Problem statement
Give the records again exactly, but drop the pictures.

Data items
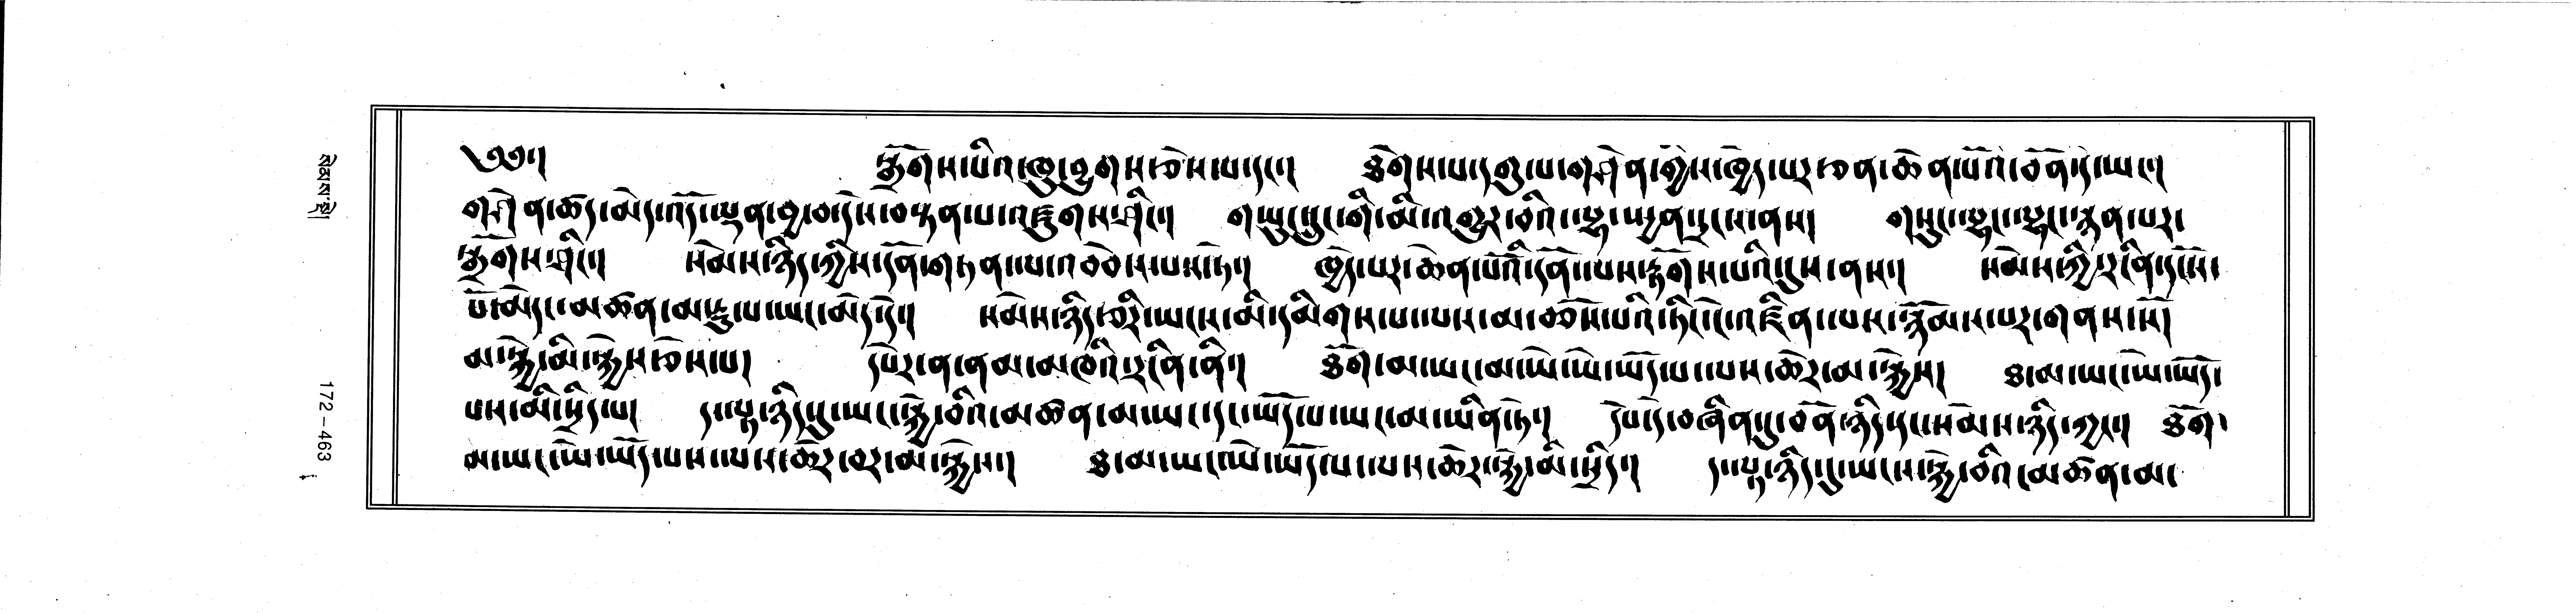སྒྲོགས་པའི་ཁུ་བྱུག་ཅེས་པ་དང་། ཐེག་པ་དགུ་པ་གཤེན་གྱིས་ཁྱེད་པར་ཅན་ཆེན་པོའི་བོན་དེ་ཡང་། 
གཤེན་ཚད་མེད་འོད་ལྡན་བྱ་བ་དེས་བསྟན་པ་འཛུགས་ཤིང་། གཡུང་དྲུང་གི་མི་འགྱུར་བའི་ལྷ་སྤྱན་དྲངས་ནས། གསུང་ལྷང་ལྷང་སྙན་པར་
སྒྲོགས་ཤིང་། སེམས་ཉིད་ཀྱིས་དོན་གཏན་ལ་འབེབས་པས་ཏེ། ཁྱེད་པར་ཆེན་པོའི་དོན་ལས་རྟོགས་པའི་དུས་ནས། སེམས་ཀྱི་རང་བཞིན་དངོས་
པོ་དང་མཚན་མ་རྡུལ་ཡང་མེད་དེ། སེམས་ཉིད་ཅིར་ཡང་མི་དམིགས་པ་ལས་མ་བཅོས་པའི་ཏིང་ངེ་འཛིན་ལས་སྙོམས་པར་གནས་སོ། 
མ་སྐྱེ་མི་སྐྱེས་ཅེས་པ། དཔེར་ན་ནམ་མཁའི་རང་བཞིན་ནི། ཐོག་མ་ཡང་མ་ཡེ་ཡོད་པ་ལས་ཆེར་མ་སྐྱེས། ཐ་མ་ཡང་ཡེ་ཡོད་
པས་མི་སྲིད་པ། ད་ལྟ་ཉིད་དུ་ཡང་སྐྱེ་བའི་མཚན་མ་ཡང་མ་ཡིན་ཏེ། དེས་དེ་བཞིན་བོན་ཉིད་དང་སེམས་ཉིད་ཀྱང་། ཐོག་
མ་ཡང་ཡི་ཤེས་ཡོད་པས་ལ་གྲོགས་བར་མ་སྐྱེས་། ཐ་མ་ཡང་བསོ་ཡོད་ལས་ཆེར་སྐྱེ་མི་སྲིད་ ད་ལྟ་ཉིད་དུ་ཡང་སྐྱེ་བའི་མཚན་མ།

Output for this task
སྒྲོགས་པའི་ཁུ་བྱུག་ཅེས་པ་དང་། ཐེག་པ་དགུ་པ་གཤེན་གྱིས་ཁྱེད་པར་ཅན་ཆེན་པོའི་བོན་དེ་ཡང་། 
གཤེན་ཚད་མེད་འོད་ལྡན་བྱ་བ་དེས་བསྟན་པ་འཛུགས་ཤིང་། གཡུང་དྲུང་གི་མི་འགྱུར་བའི་ལྷ་སྤྱན་དྲངས་ནས། གསུང་ལྷང་ལྷང་སྙན་པར་
སྒྲོགས་ཤིང་། སེམས་ཉིད་ཀྱིས་དོན་གཏན་ལ་འབེབས་པས་ཏེ། ཁྱེད་པར་ཆེན་པོའི་དོན་ལས་རྟོགས་པའི་དུས་ནས། སེམས་ཀྱི་རང་བཞིན་དངོས་
པོ་དང་མཚན་མ་རྡུལ་ཡང་མེད་དེ། སེམས་ཉིད་ཅིར་ཡང་མི་དམིགས་པ་ལས་མ་བཅོས་པའི་ཏིང་ངེ་འཛིན་ལས་སྙོམས་པར་གནས་སོ། 
མ་སྐྱེ་མི་སྐྱེས་ཅེས་པ། དཔེར་ན་ནམ་མཁའི་རང་བཞིན་ནི། ཐོག་མ་ཡང་མ་ཡེ་ཡོད་པ་ལས་ཆེར་མ་སྐྱེས། ཐ་མ་ཡང་ཡེ་ཡོད་
པས་མི་སྲིད་པ། ད་ལྟ་ཉིད་དུ་ཡང་སྐྱེ་བའི་མཚན་མ་ཡང་མ་ཡིན་ཏེ། དེས་དེ་བཞིན་བོན་ཉིད་དང་སེམས་ཉིད་ཀྱང་། ཐོག་
མ་ཡང་ཡི་ཤེས་ཡོད་པས་ལ་གྲོགས་བར་མ་སྐྱེས་། ཐ་མ་ཡང་བསོ་ཡོད་ལས་ཆེར་སྐྱེ་མི་སྲིད་ ད་ལྟ་ཉིད་དུ་ཡང་སྐྱེ་བའི་མཚན་མ།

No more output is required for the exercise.